Whatever the ultimate fate of the fiduciary rule, the marketplace is heading toward level fee compensation and away from variable compensation.
This month’s column will complete my analysis and discussion of the Conflict of Interest Rule (Rule) which was issued by the U.S. Department of Labor (DOL) on April 8, 2016.
It now looks as though the Rule’s applicability date of April 10 for implementation will “slip” to some later date [Ed. Mote: the implmentation ahs now been delayed by 60 days]. As noted in last month’s column, it’s likely that the Rule will remain in limbo for some period of time after which it will be left as is, modified in some way, or outright extinguished. Whatever the ultimate fate of the Rule, though, I think it’s important to finish this comprehensive examination of the Rule as it was set forth on April 8, 2016.
There are certain transition rules for the various Best Interest Contracts (BIC), including a temporary relief period that excuses full compliance from April 10, 2017, to Jan. 1, 2018. These rules are designed to help financial institutions that will find it difficult to comply with a Full-Blown BIC/Disclosure BIC/BIC Lite by the deadline. (Only a Full-Blown BIC requires a formal written contract while the other BIC versions merely require assorted disclosures, representations and the like--although these are important and can be extensive.)
Certain BIC requirements, such as compliance policies and some disclosures, are waived for this transition period. Financial institutions must still (1) comply with the Impartial Conduct Standards, (2) acknowledge fiduciary status in writing, and (3) make certain other disclosures such as conflicts of interest. As of Jan. 1, 2018, though, all the BIC rules will go into full effect based on the original schedule.
When providing services to a retirement plan, an advisor often develops relationships with the plan sponsor and plan participants. Some participants may turn to the advisor and seek advice, such as whether they should roll their assets out of the plan and/or what assets to roll over into the plan. Some advisors have exploited the trust they’ve created with participants by selling them high-cost investments in such situations. This may create a conflict of interest when an advisor’s fees charged for, say, rollover assets are higher than its fees charged for plan assets.
The Rule repeals DOL Advisory Opinion 2005-23A, the DOL’s former guidance on IRA rollovers. Instead, the Rule treats any rollover advice with respect to a plan or an IRA as fiduciary investment advice. Three kinds of rollover advice automatically are prohibited transactions (which can be circumvented through use of the Best Interest Contract Exemption (BICE)): (1) recommendations to a plan participant to take a distribution and roll it over into an IRA; (2) recommendations to an IRA owner to transfer its IRA to the advisor; and (3) recommendations to a participant or IRA owner to move from a transaction-based account to a fee-based account.

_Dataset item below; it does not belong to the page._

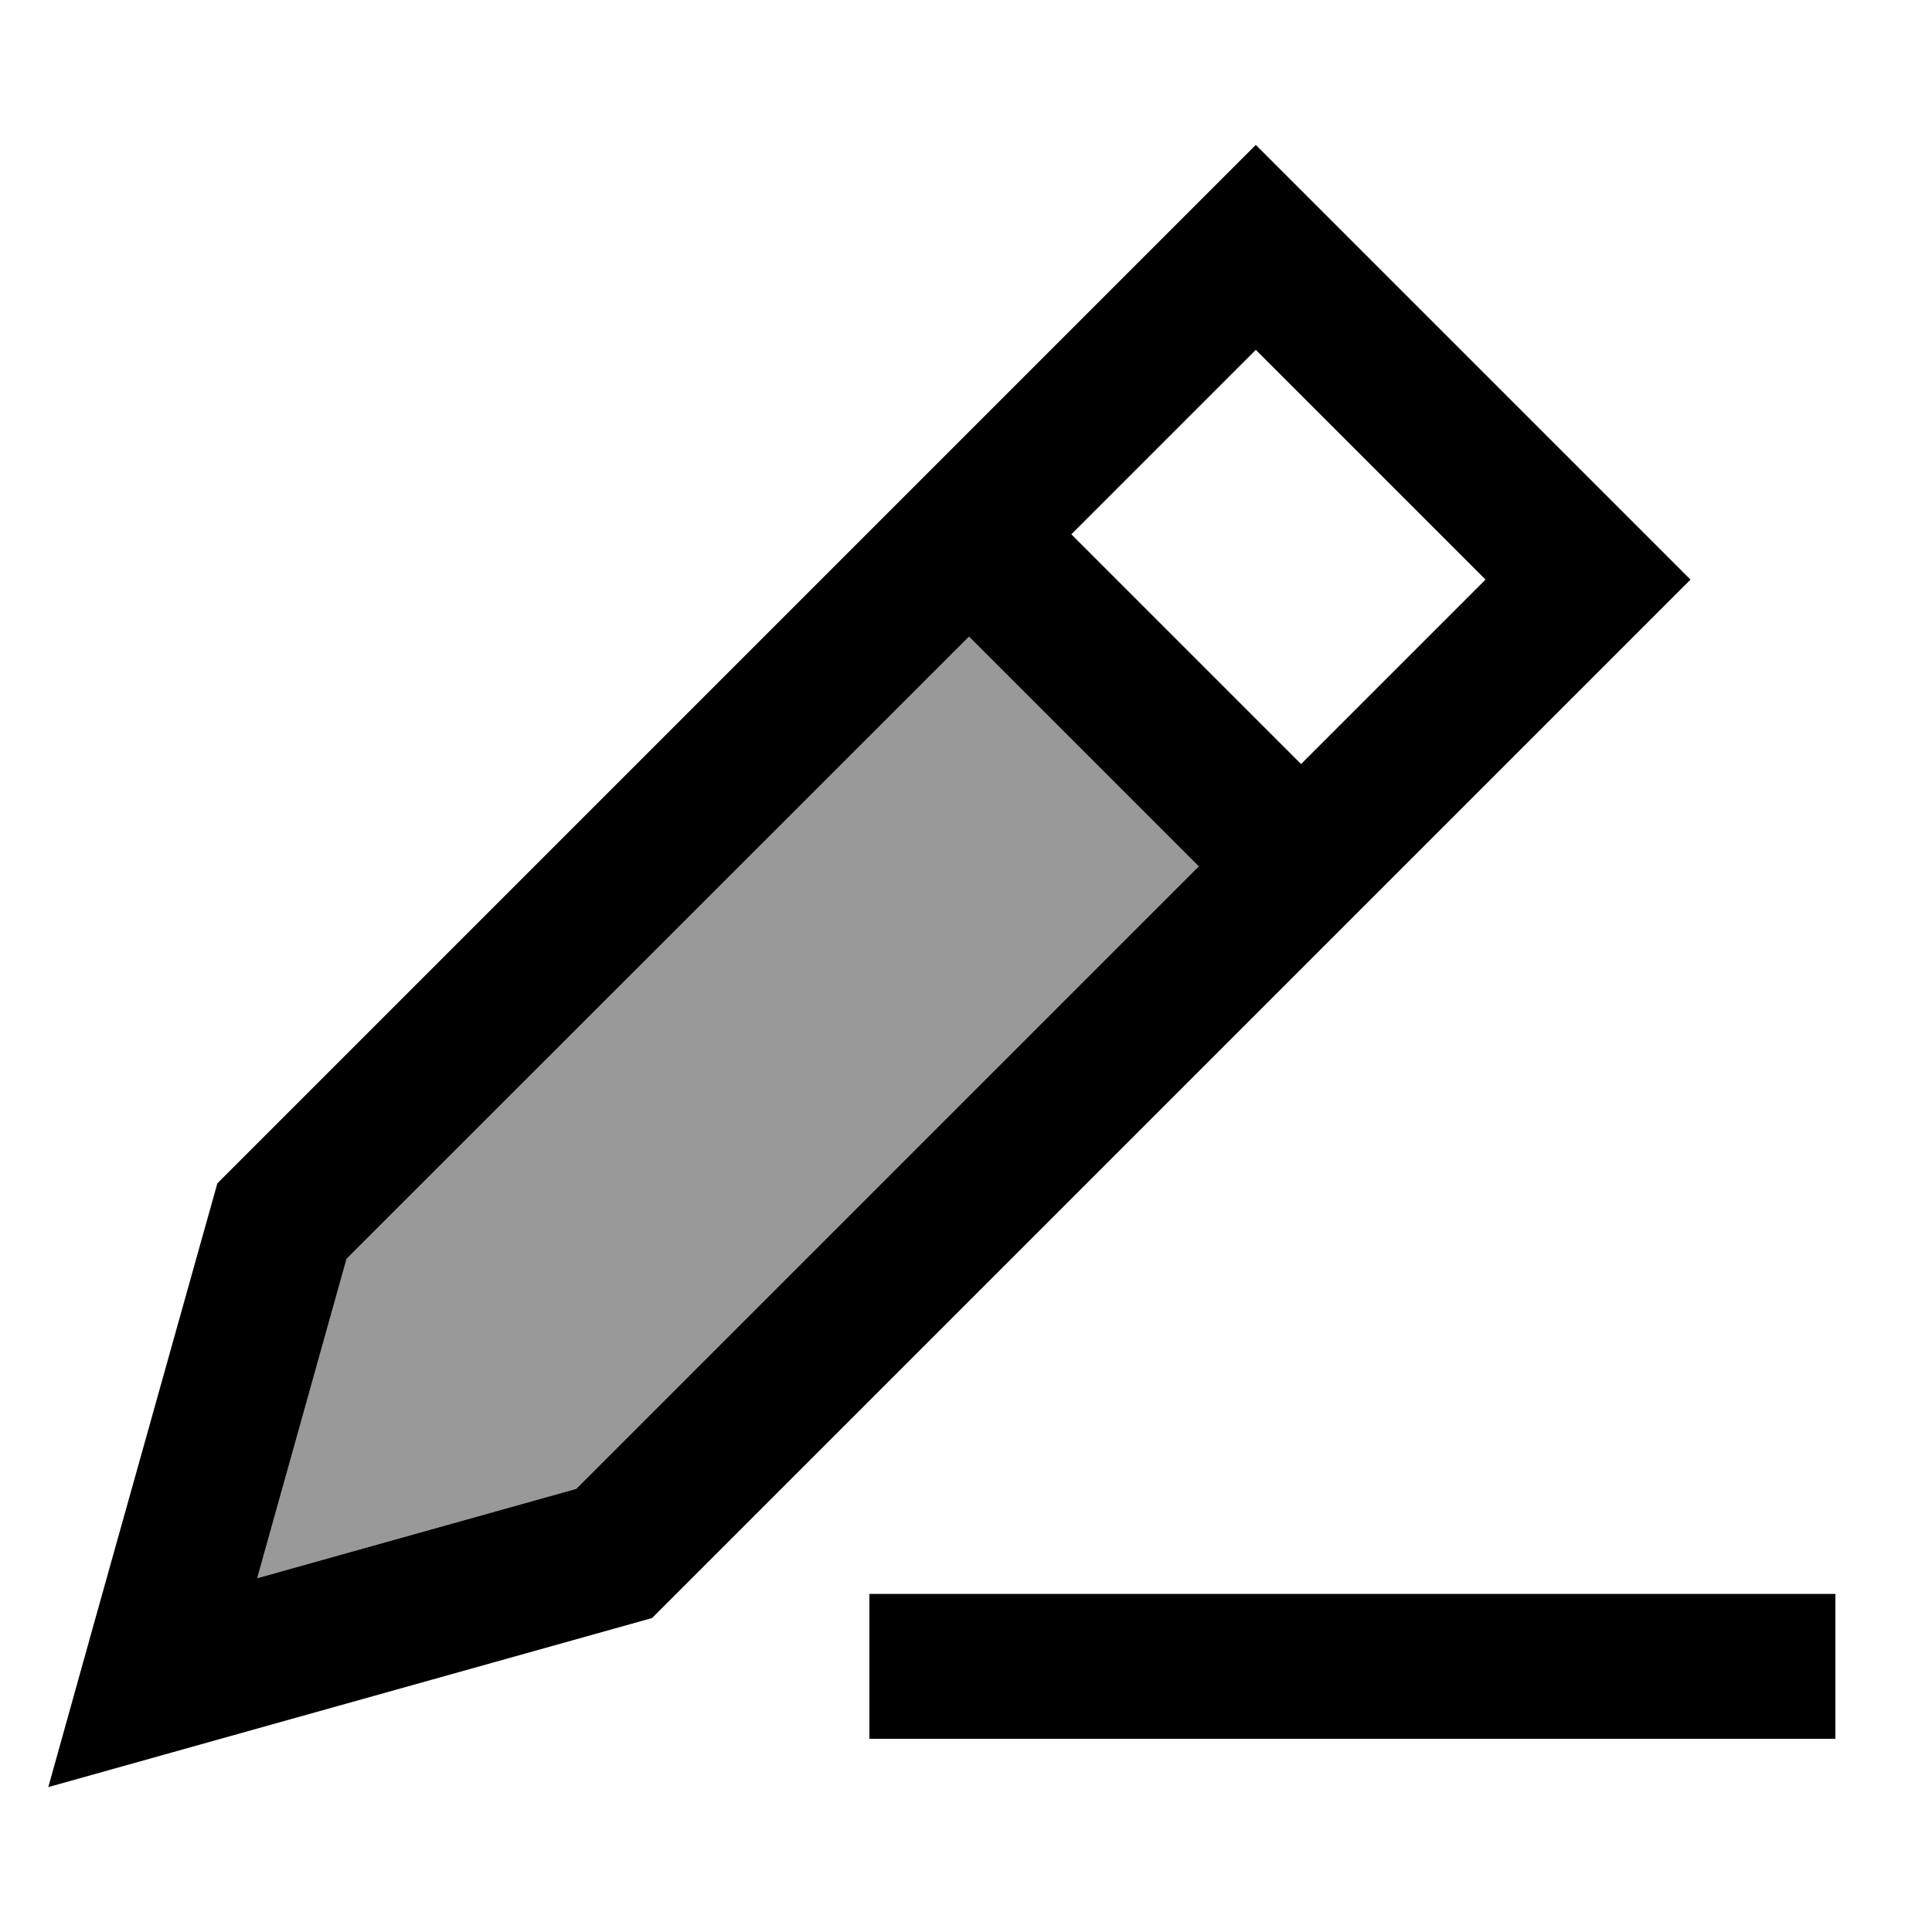 <svg xmlns="http://www.w3.org/2000/svg" viewBox="0 0 640 640"><!--! Font Awesome Pro 7.1.0 by @fontawesome - https://fontawesome.com License - https://fontawesome.com/license (Commercial License) Copyright 2025 Fonticons, Inc. --><path opacity=".4" fill="currentColor" d="M85.2 522.8L114.8 417L321 210.9L397.1 287L190.9 493.2L85.2 522.8z"/><path fill="currentColor" d="M31.1 537.9L16 592C36.7 586.2 103.4 567.5 216 536L526.1 225.9L560 192C544.4 176.4 507.7 139.7 449.9 81.9L416 48L382.1 81.9L72 392L31.1 537.9zM85.2 522.8L114.8 417L321 210.9L397.1 287L190.9 493.2L85.2 522.8zM492.1 192L431 253.1L354.9 177L416 115.9L492.1 192zM312 528L288 528L288 576L608 576L608 528L312 528z"/></svg>

Impact on Fee-Based Advisors
The Rule will affect substantially all advisors because of its reach to IRA assets. This includes fee-based advisors offering IRA rollover advice. RIAs that are level fee fiduciaries might need to go the BIC Lite route in order to provide conflict-free IRA rollover advice since, as noted, compensation associated with an IRA is likely to be greater than compensation derived from a plan. The BIC Lite may also be relied on by an advisor when it offers rollover advice to investors with whom it has no pre-existing relationship--so-called “off the street” investors.
Impact on Commissioned-Based Advisors
The Rule, as noted, will affect substantially all advisors because of its reach to IRA assets. This too will include commissioned-based advisors offering IRA rollover advice.